Enhance your table tennis skills

By Philip Buthmann (phbut19) and Asger Nybo (asnyb15)

Complete code: https://bitbucket.org/philbudi/191205topspin/src/master

Video of application


1. Introduction
2. Method & Materials
3. Results
4. Discussion


This report covers the making of an IOS App, using the SDU sportsensor, as it had a lot of potential. Through brainstorm, it was decided to make an app that resolved around table tennis, as Philip is a table tennis player. The idea was to make an app that helps improve ones table tennis skills, by tracking the movement of the players hand with an external sensor connected via bluetooth.

Research showed that the market for a table tennis app using external sensors were very limiting, thus making it worthwhile to persue filling a gap in the market and introduce new ways of improving ones table tennis skills.

Can you make an application that tracks your table tennis training sessions and help you become a better table tennis player?

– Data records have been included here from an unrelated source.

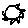
Label: sun
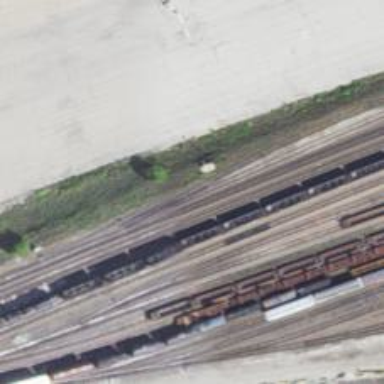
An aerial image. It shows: Unused railway yard.
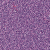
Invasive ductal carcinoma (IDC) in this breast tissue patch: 1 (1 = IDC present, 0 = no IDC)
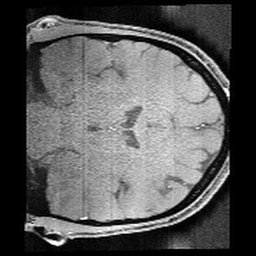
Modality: angio
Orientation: coronal
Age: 24
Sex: male
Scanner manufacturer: siemens
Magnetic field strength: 3 T
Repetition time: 0.021 s
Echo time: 0.00343 s
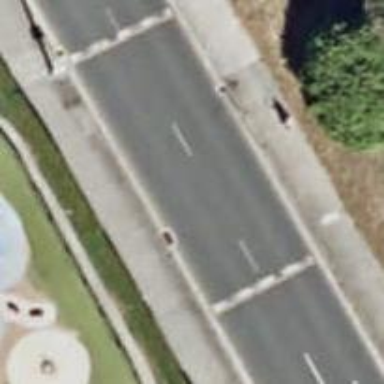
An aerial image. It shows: Traffic hump for calming the traffic.
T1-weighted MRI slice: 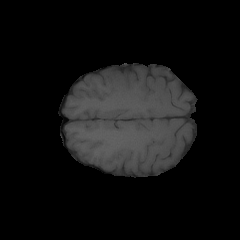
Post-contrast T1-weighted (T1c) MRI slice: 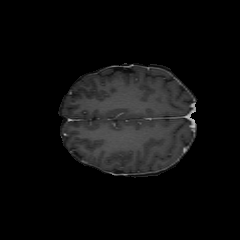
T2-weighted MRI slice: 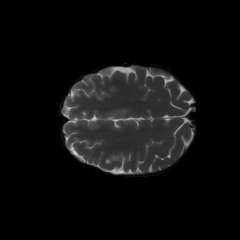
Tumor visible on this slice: no
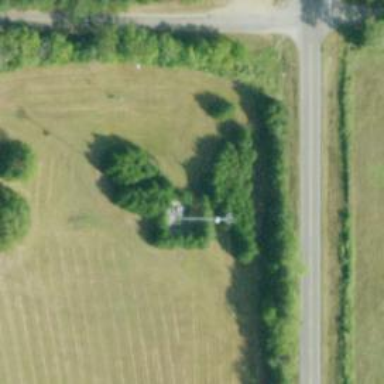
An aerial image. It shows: Man-made mast used for communication purposes.
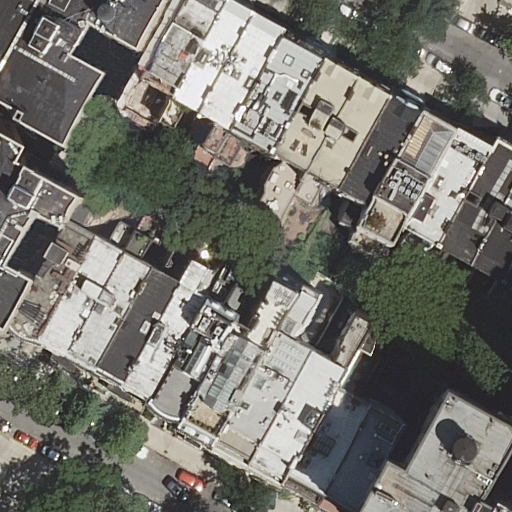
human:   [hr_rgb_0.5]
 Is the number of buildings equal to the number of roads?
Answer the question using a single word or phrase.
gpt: no

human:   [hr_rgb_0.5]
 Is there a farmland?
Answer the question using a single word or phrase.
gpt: no

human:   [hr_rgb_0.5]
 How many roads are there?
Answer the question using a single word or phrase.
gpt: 2

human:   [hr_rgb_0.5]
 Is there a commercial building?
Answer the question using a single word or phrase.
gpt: no

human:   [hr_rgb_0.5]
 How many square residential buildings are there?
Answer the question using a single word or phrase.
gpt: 0

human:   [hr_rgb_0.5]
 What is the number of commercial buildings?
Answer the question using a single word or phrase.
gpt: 0

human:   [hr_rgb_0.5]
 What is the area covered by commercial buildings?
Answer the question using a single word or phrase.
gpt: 0m2

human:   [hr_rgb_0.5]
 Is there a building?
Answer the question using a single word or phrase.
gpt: yes

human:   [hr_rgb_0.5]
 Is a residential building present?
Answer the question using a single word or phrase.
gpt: yes

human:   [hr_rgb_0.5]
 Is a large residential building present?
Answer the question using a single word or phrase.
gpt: yes

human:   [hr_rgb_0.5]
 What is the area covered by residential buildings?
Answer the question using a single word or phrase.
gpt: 6757m2

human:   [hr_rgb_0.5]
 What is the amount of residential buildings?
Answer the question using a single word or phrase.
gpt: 24

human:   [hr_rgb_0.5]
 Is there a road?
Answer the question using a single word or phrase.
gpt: yes

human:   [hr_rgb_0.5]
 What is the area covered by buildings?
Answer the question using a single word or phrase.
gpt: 6757m2

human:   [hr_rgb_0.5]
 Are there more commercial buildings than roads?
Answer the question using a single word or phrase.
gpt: no

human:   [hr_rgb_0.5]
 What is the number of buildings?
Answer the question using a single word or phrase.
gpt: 24

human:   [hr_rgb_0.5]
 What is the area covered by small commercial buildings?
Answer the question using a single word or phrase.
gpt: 0m2

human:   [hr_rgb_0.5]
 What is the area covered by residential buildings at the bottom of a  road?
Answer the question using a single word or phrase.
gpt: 4177m2

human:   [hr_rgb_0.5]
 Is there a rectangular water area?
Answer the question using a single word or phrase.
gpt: no

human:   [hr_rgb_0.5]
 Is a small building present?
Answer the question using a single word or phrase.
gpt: no

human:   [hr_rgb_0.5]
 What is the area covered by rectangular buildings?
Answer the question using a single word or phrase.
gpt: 1691m2

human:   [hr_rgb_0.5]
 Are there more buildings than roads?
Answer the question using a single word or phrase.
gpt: yes

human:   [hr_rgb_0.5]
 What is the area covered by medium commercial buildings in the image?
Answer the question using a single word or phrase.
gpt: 0m2

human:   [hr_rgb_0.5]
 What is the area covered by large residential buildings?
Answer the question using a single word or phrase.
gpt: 1788m2

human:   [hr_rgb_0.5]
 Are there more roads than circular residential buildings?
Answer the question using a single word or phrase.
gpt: yes

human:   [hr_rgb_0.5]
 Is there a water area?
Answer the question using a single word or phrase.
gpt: no

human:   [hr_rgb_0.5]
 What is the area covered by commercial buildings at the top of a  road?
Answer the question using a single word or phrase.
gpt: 0m2

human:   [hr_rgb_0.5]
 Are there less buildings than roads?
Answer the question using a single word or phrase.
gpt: no

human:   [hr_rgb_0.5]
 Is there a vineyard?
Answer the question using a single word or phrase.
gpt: no

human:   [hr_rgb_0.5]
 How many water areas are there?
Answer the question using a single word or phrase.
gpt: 0

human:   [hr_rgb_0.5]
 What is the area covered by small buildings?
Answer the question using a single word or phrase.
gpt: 0m2

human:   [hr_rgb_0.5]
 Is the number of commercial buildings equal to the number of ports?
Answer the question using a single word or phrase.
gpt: yes

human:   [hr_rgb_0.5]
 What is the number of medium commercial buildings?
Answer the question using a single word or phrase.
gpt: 0

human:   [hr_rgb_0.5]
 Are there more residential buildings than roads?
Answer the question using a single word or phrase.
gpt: yes

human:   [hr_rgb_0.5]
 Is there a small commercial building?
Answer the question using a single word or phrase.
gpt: no

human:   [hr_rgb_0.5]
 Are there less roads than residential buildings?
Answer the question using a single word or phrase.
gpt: yes

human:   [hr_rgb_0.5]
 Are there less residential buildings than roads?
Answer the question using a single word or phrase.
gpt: no

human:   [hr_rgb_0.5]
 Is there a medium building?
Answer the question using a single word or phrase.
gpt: yes

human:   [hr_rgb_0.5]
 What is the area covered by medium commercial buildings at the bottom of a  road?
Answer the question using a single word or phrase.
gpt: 0m2

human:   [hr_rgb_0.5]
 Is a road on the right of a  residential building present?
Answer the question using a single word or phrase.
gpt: yes

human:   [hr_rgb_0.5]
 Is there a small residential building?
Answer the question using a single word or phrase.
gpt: no

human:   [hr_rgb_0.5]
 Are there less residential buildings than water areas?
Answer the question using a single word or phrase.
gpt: no

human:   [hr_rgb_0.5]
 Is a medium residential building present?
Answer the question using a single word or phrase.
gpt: yes

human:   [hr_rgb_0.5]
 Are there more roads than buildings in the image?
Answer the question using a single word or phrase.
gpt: no

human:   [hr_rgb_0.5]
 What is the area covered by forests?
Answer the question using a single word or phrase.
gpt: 0m2

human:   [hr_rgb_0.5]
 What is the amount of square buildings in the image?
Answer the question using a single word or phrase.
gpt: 0

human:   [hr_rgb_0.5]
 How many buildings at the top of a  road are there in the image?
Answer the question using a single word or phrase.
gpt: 19

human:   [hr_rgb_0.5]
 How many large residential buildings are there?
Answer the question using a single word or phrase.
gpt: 2

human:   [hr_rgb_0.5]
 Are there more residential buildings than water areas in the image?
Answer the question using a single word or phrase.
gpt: yes

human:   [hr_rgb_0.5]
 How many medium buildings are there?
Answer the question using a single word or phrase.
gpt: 22

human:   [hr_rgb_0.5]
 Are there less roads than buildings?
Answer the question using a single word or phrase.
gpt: yes

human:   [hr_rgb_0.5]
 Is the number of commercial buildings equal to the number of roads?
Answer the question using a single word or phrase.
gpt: no

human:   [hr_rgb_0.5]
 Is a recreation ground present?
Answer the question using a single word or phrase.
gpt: no

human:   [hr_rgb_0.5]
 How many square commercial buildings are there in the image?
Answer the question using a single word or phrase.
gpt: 0

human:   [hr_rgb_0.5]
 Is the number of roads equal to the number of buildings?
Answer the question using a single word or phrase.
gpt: no

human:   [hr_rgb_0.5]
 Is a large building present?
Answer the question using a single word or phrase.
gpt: yes

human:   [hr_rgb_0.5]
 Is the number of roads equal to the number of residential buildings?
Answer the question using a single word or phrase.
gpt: no

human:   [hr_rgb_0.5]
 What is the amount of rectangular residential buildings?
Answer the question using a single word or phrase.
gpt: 9

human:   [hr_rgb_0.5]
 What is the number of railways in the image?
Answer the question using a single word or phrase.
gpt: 0

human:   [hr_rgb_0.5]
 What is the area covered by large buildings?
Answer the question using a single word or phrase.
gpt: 1788m2

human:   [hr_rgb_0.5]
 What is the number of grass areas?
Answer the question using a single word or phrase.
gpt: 0

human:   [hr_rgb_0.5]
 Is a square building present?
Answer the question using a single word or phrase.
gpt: no

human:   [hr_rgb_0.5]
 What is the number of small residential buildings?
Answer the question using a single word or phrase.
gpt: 0

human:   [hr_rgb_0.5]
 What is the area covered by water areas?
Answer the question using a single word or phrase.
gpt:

It is intented to strap the SDU sportsensor to a wristband attached to the player, which aquire accelerometer data about the players hand movement, which will be processed by the application and showed to the user in a userfriendly way.

Methods and Materials

This section describes what was done and what materials were used to accomplish the making of the desired application. The first thing there had to be done was to make sure what the actual desired application was, which was done through a brainstorm.


A brainstorm was conducted by discussing all the possibilities of the SDU Sportssensor. This included ideas such as making an apps for strengthtraining by tracking the athletes performance through accelerometer data, making an app for monitoring people posture by attaching the sensor to the back and process the data. All ideas was written down, and a filtering was done in the end.

Conceptual design

Next a conceptual design was made by writing a list of what was wanted the design of the chosen application to include.

Use-Case diagram

Furthermore a use-case diagram was constructed to specify the use case and making it clear how the application was intented to be used.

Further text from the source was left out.